The study connects voltage-dependent interfacial chemistry of Al current collectors to measurable battery performance degradation. At moderate potentials, Al forms a relatively protective passivation layer (>20 nm), but as charging voltage approaches and exceeds 4.4 V, EC-rich electrolytes promote localized adsorption and oxidation, inward F− penetration, and, subsequently, outward Al3+ dissolution that thins and fractures the passivation film. This leads to stress corrosion cracking, peeling, and re-passivation cycles that continuously consume the Al substrate. The heterogeneity of these processes is evident from current fluctuations during voltage holds, increased roughness, and spatially varying surface potentials. Dissolved Al species can migrate and deposit on Li anodes, disturbing SEI and Li+ transport, further lowering CE and increasing impedance. These interfacial failures directly translate to reduced Coulombic efficiency (by ~1.14%) and substantial capacity losses (>20%) across rates in LiCoO2||Li half-cells using reclaimed Al. The EIS trends corroborate increased interfacial reactivity and reduced corrosion resistance of RA. DFT results implicate EC adsorption and HF coordination as key drivers for passivity breakdown at high voltage, highlighting electrolyte-solvent selection’s role. Overall, the findings underscore that high cutoff voltages (>4.4 V) in LIBs critically challenge Al current collector stability; mitigating strategies must address both interphase chemistry and mechanical integrity under electrochemical stress.

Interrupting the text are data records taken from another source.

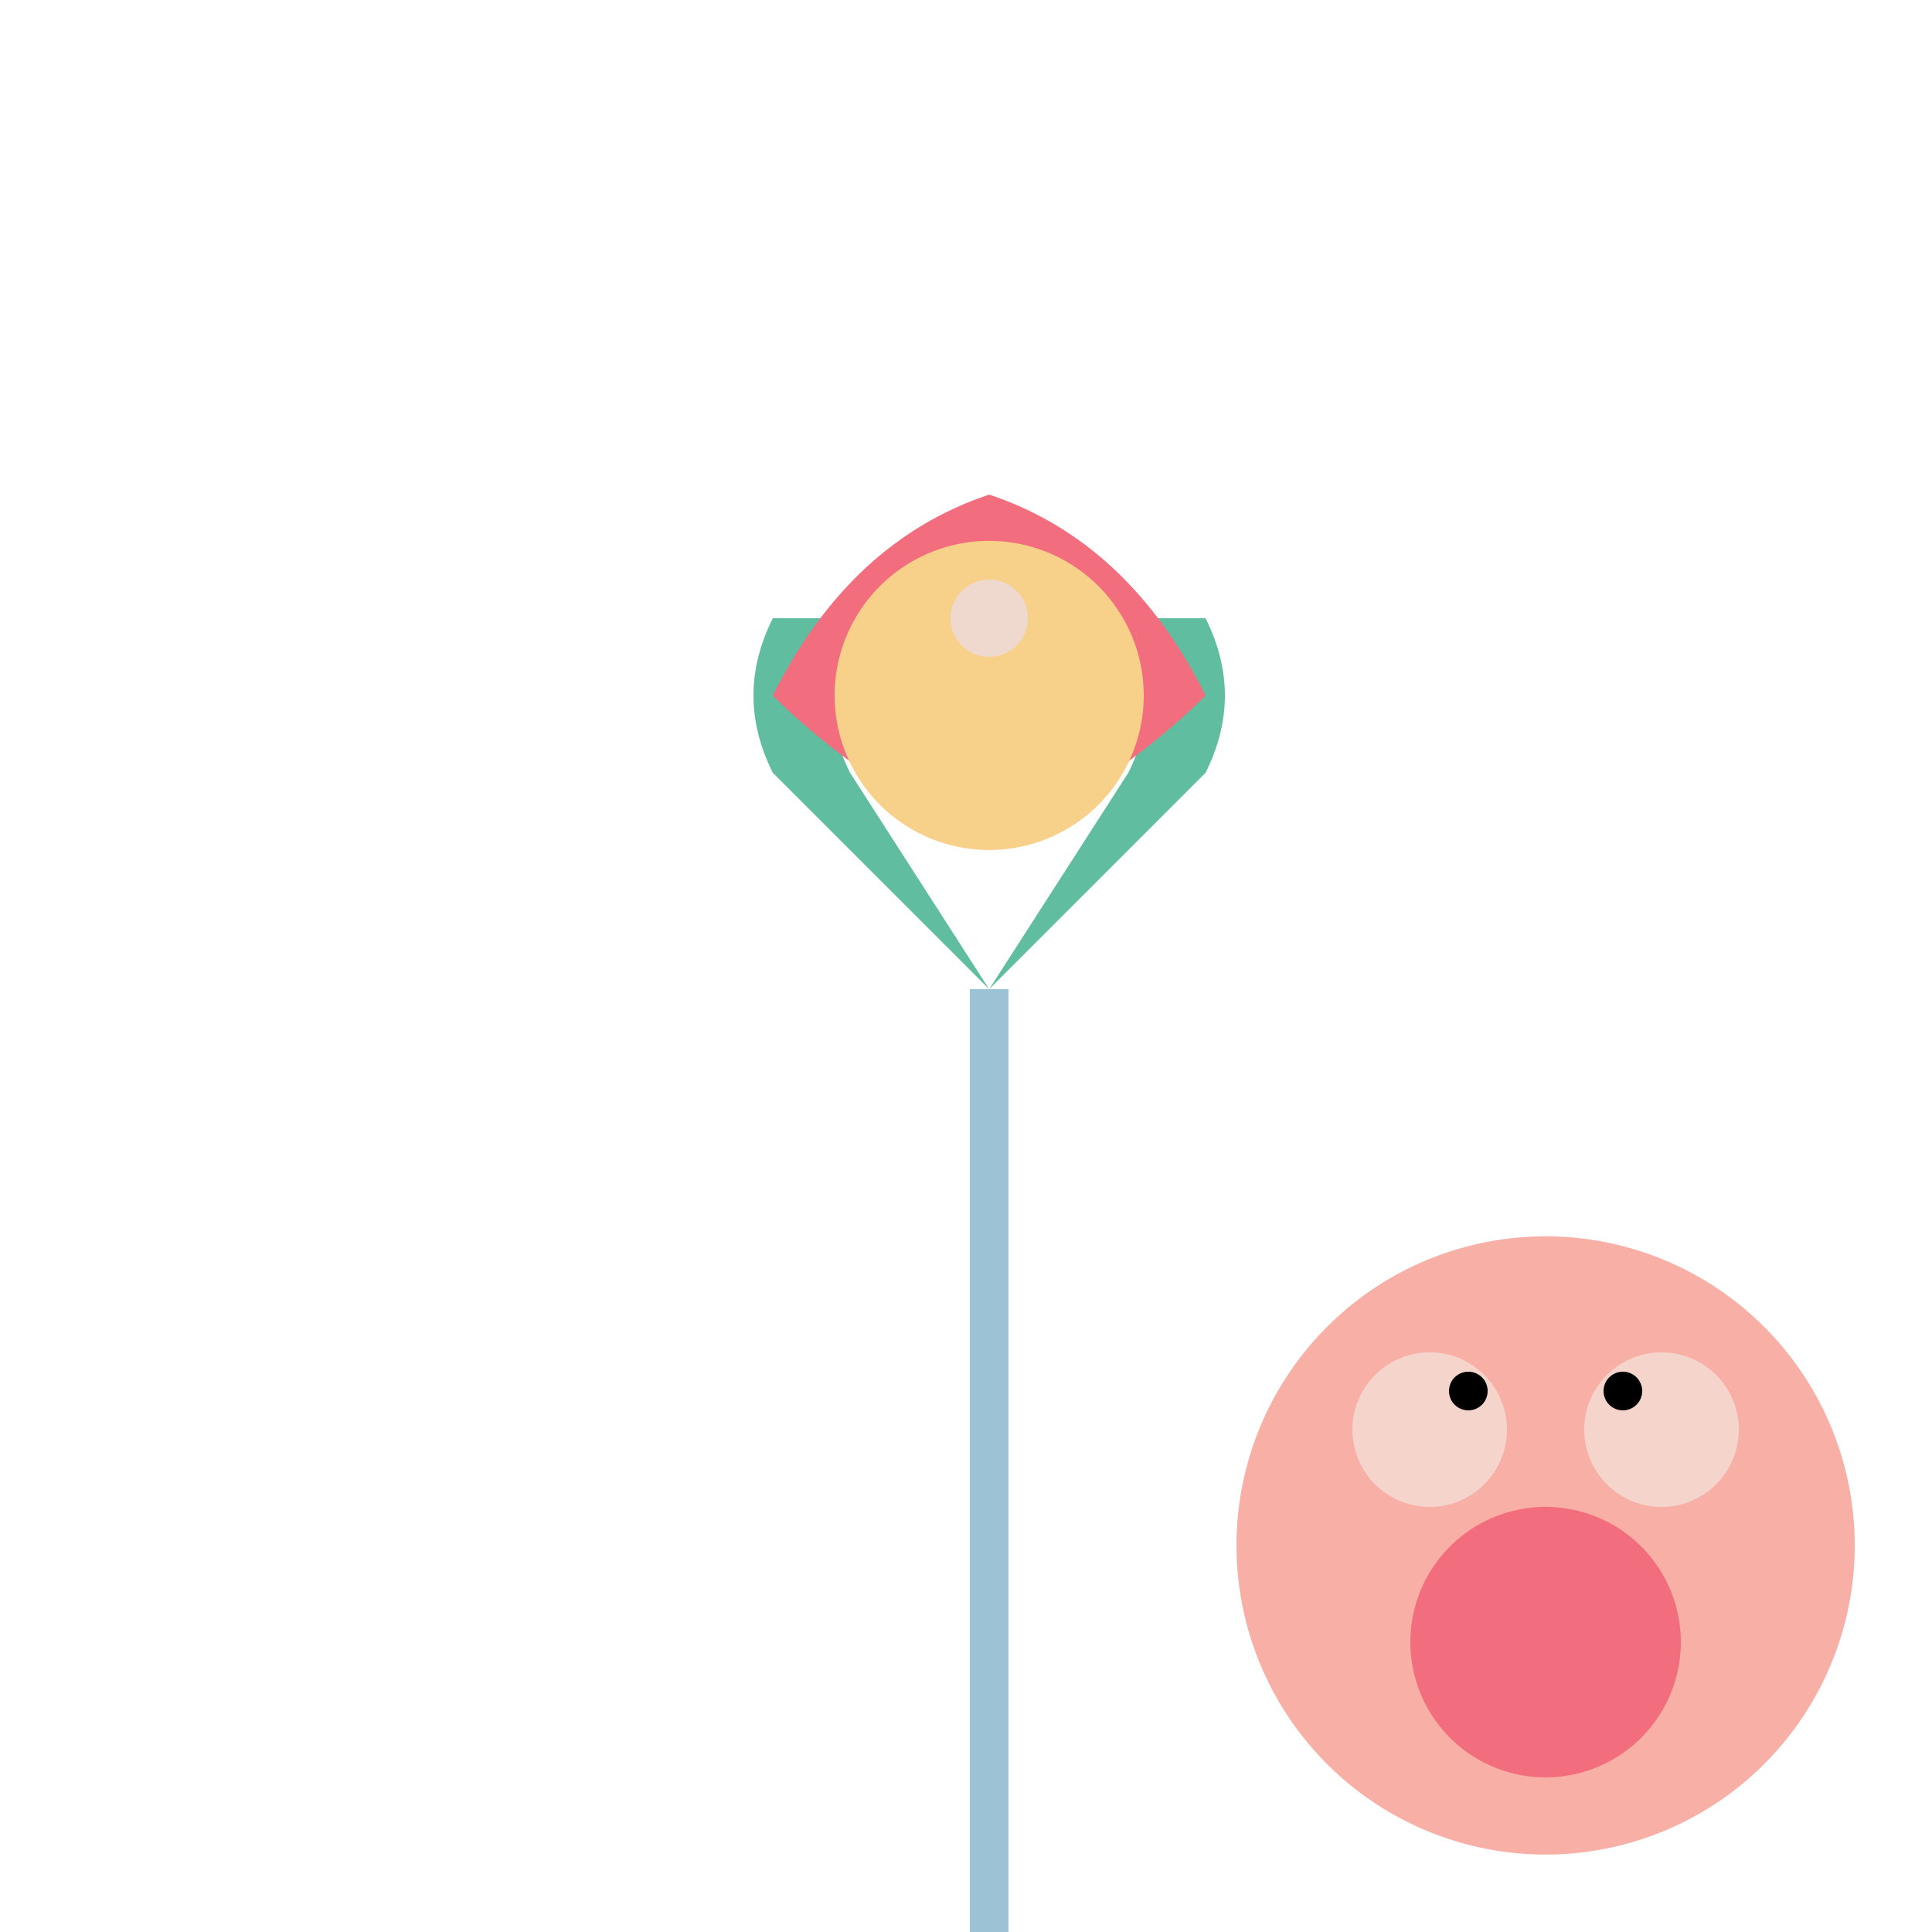 <!--

Generated by DrawGPT.
Free, open source, AI generated images in SVG, PNG, and HTML Canvas format.
https://drawgpt.ai

Created: 2023-09-26T04:38:35.684Z
Link: https://drawgpt.ai/prompt/24104/

-->
<svg xmlns="http://www.w3.org/2000/svg" xmlns:xlink="http://www.w3.org/1999/xlink" width="500" height="500"><defs/><g><path fill="none" stroke="#9CC3D5" paint-order="fill stroke markers" d=" M 256 512 L 256 256" stroke-miterlimit="10" stroke-width="10" stroke-dasharray=""/><path fill="#60BDA0" stroke="none" paint-order="stroke fill markers" d=" M 256 256 L 200 200 Q 190 180 200 160 L 220 160 Q 210 180 220 200 Z"/><path fill="#60BDA0" stroke="none" paint-order="stroke fill markers" d=" M 256 256 L 312 200 Q 322 180 312 160 L 292 160 Q 302 180 292 200 Z"/><path fill="#F26D7D" stroke="none" paint-order="stroke fill markers" d=" M 256 128 Q 220 140 200 180 Q 220 200 256 220 Q 292 200 312 180 Q 292 140 256 128 Z"/><path fill="#F7D08A" stroke="none" paint-order="stroke fill markers" d=" M 296 180 A 40 40 0 1 1 296 179.96"/><path fill="#EFD9CE" stroke="none" paint-order="stroke fill markers" d=" M 266 160 A 10 10 0 1 1 266 159.99"/><path fill="#F8AFA6" stroke="none" paint-order="stroke fill markers" d=" M 480 400 A 80 80 0 1 1 480 399.92"/><path fill="#F5D5CB" stroke="none" paint-order="stroke fill markers" d=" M 390 370 A 20 20 0 1 1 390 369.98"/><path fill="#F5D5CB" stroke="none" paint-order="stroke fill markers" d=" M 450 370 A 20 20 0 1 1 450 369.98"/><path fill="#000" stroke="none" paint-order="stroke fill markers" d=" M 385 360 A 5 5 0 1 1 385 359.995"/><path fill="#000" stroke="none" paint-order="stroke fill markers" d=" M 425 360 A 5 5 0 1 1 425 359.995"/><path fill="#F26D7D" stroke="none" paint-order="stroke fill markers" d=" M 435 425 A 35 35 0 1 1 435 424.965"/></g></svg>

This work establishes a detailed mechanistic picture of Al current collector passivation and corrosion in LiPF6-based EC/DEC/FEC electrolytes and quantifies their impacts on LIB performance. Key contributions include: (1) identification of a voltage threshold (~4.4 V) where passivity breakdown and localized corrosion emerge; (2) demonstration that repeated crack–peel–repassivation cycles consume Al and degrade electrode integrity; (3) evidence that dissolved Al can deposit on Li anodes, harming SEI and kinetics; and (4) correlation of these processes with measurable losses in CE (~1.14%) and capacity (>20%). DFT reveals strong EC adsorption (especially on Al(220)) and HF coordination that facilitate corrosion at high voltage. These insights advocate engineering robust, chemically/mechanically resilient passivation layers on Al (e.g., protective coatings, fluoride/oxide-stabilizing interphases) and rational electrolyte/solvent design with weaker adsorption/coordination tendencies to suppress passivity breakdown at high voltages. Future research should explore alternative electrolytes and additives that limit EC-driven adsorption/corrosion, advanced coatings compatible with high-voltage operation, and operando diagnostics to capture localized breakdown dynamics under realistic cell architectures.

- Baseline differences between reclaimed Al (RA) and fresh Al (FA) foils (surface roughness, prior damage) complicate direct comparisons; the authors mitigate this by using pristine FA to study mechanisms but residual differences may influence results. - Electrochemical testing employed coin-type three-electrode configurations and a single electrolyte formulation (1 M LiPF6 in EC/DEC/FEC 3:6:1); findings may vary with other salts/solvents/additives and full-cell environments with different cathodes. - Depth profiling by XPS is limited to ~20 nm etching steps; ultrathin interphase features or deeper gradients may be insufficiently resolved. - Migration and deposition of dissolved Al on Li anodes were inferred from ex situ XPS; quantification of Al deposition amounts and their spatial distribution across separators/electrodes was limited. - Mechanical stress evolution in passivation layers (crack initiation/propagation) was deduced from morphology; in situ stress/strain measurements were not performed.